- [Exercise prompt]
Reproduce every record below exactly as written, leaving out any pictures.

- [Extracted material]
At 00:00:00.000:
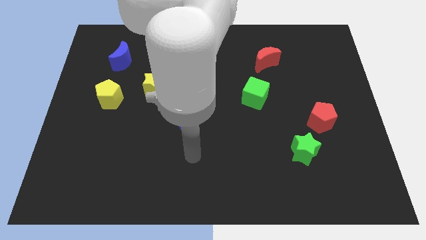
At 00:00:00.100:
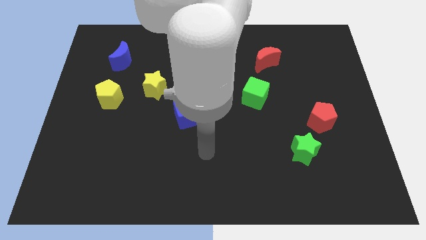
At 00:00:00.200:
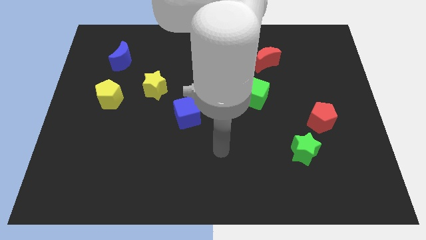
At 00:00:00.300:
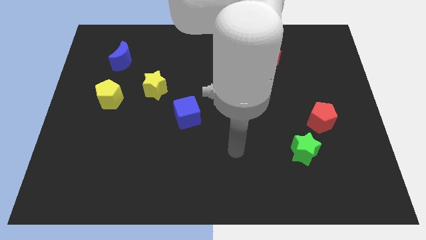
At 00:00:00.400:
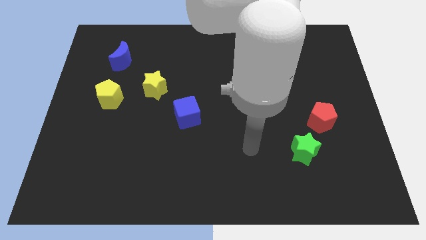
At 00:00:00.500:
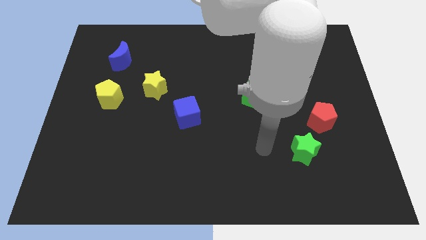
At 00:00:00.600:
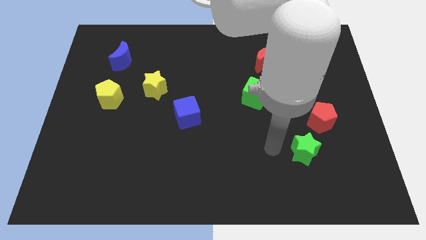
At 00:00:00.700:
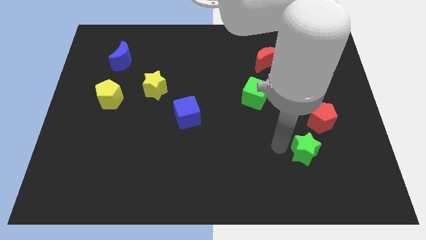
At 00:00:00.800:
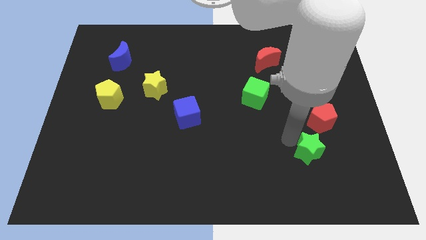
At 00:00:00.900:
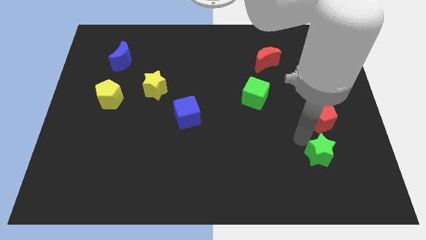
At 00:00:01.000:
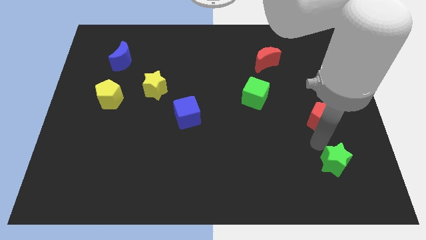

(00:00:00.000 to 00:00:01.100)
move the red pentagon away from the green star

- [Written solution]
At 00:00:00.000:
At 00:00:00.100:
At 00:00:00.200:
At 00:00:00.300:
At 00:00:00.400:
At 00:00:00.500:
At 00:00:00.600:
At 00:00:00.700:
At 00:00:00.800:
At 00:00:00.900:
At 00:00:01.000:

(00:00:00.000 to 00:00:01.100)
move the red pentagon away from the green star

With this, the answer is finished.